Saved data entries

• • • • •

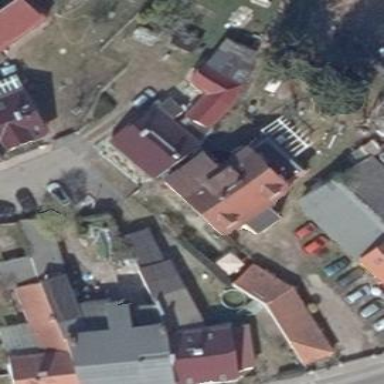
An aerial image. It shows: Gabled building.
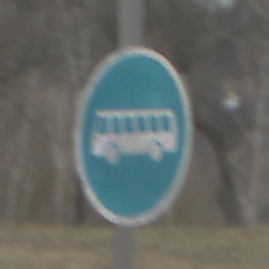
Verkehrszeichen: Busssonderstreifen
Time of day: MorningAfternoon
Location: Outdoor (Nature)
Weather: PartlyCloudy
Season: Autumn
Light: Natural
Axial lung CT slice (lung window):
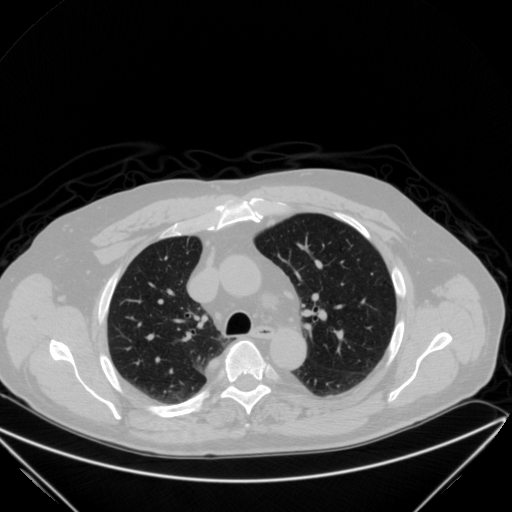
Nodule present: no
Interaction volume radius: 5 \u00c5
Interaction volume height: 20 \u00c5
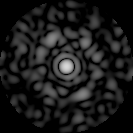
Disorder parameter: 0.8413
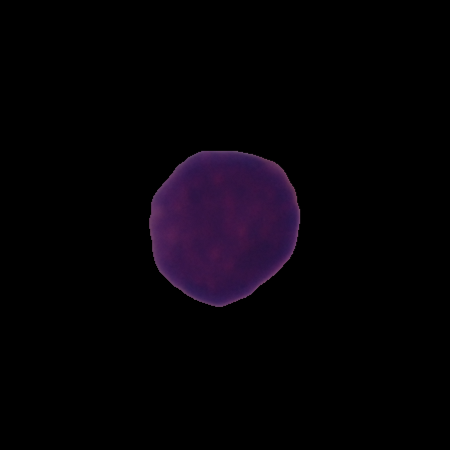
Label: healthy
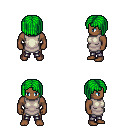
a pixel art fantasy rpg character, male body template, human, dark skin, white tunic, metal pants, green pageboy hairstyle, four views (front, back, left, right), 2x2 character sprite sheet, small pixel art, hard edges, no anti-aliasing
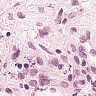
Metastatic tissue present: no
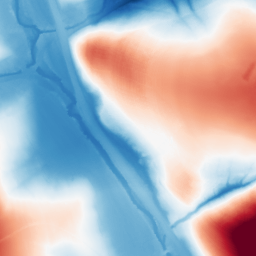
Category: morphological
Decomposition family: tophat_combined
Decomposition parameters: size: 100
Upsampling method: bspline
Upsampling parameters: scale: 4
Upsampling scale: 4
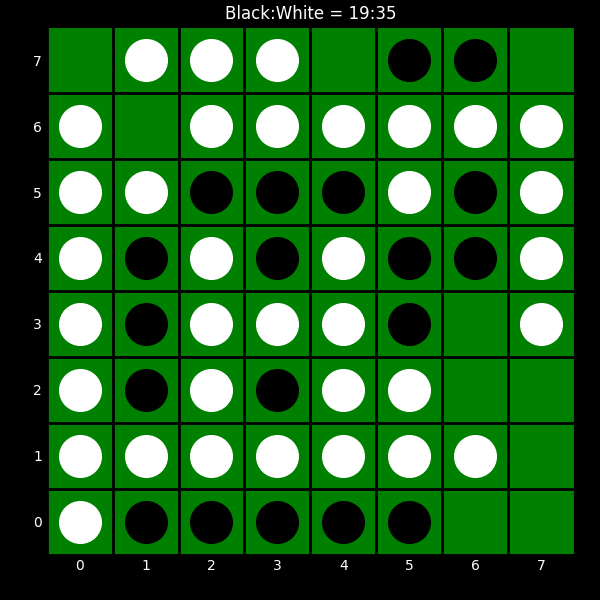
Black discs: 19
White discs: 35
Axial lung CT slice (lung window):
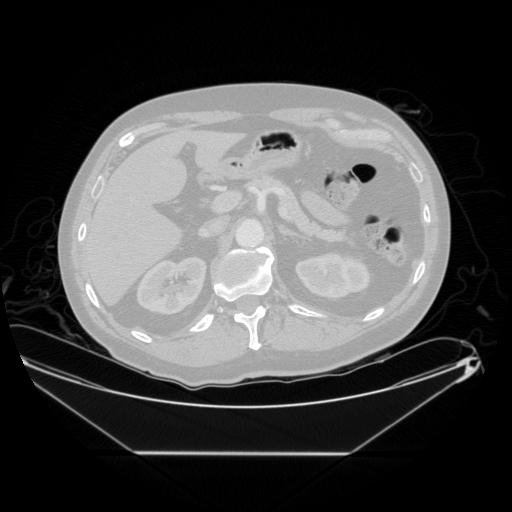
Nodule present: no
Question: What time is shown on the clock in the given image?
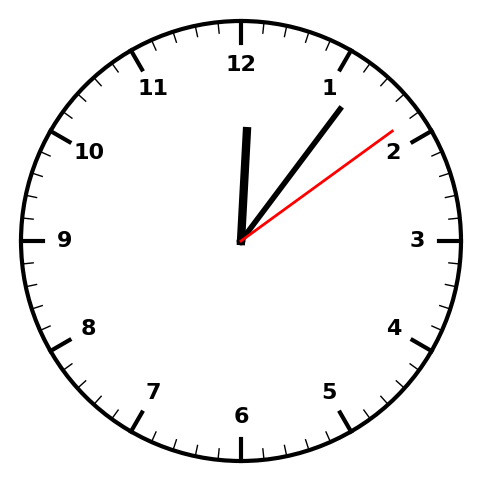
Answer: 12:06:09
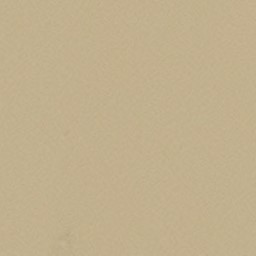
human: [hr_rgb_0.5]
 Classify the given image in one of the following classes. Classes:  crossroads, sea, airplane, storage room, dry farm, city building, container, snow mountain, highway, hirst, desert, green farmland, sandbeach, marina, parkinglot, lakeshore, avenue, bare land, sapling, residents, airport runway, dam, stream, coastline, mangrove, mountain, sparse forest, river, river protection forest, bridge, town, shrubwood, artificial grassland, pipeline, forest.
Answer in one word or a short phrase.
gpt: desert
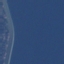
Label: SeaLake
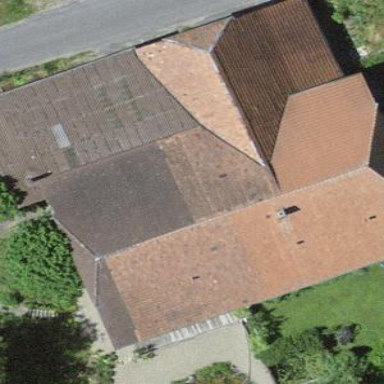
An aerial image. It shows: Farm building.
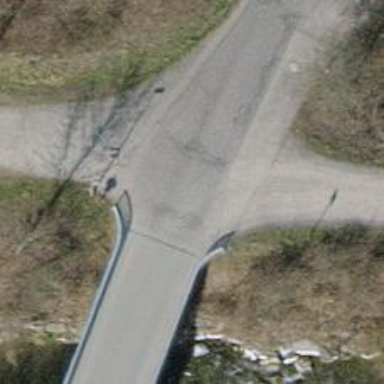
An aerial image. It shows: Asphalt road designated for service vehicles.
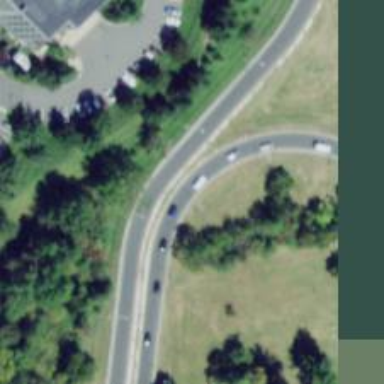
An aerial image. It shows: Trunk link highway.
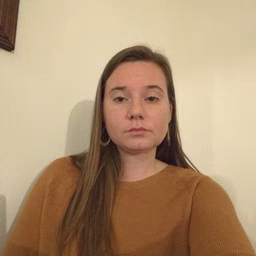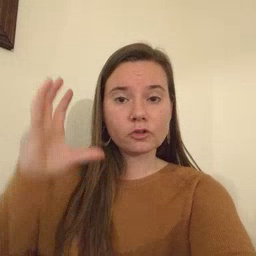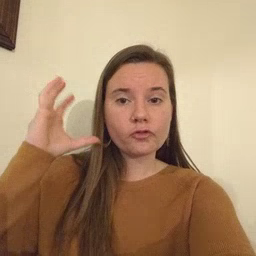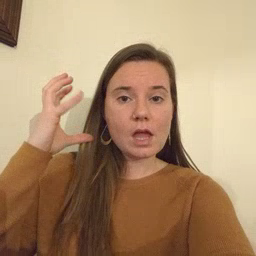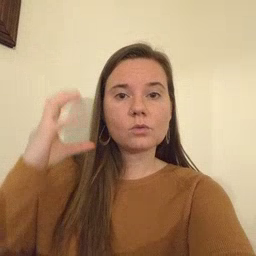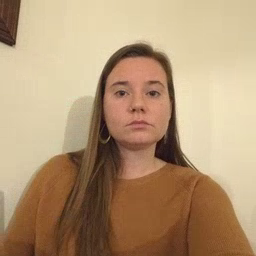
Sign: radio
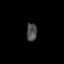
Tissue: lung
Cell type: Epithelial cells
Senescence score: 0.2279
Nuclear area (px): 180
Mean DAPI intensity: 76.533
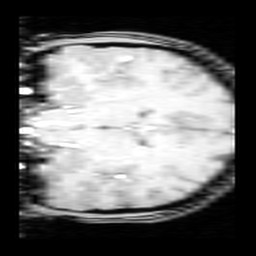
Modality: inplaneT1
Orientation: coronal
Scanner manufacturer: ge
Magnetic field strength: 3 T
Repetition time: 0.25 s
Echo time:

• • • • •

■ What you have to do ■
Copy out each line of the data that includes the string "aerial".

■ Problem solution ■
An aerial image. It shows: Gabled building.
An aerial image. It shows: Farm building.
An aerial image. It shows: Asphalt road designated for service vehicles.
An aerial image. It shows: Trunk link highway.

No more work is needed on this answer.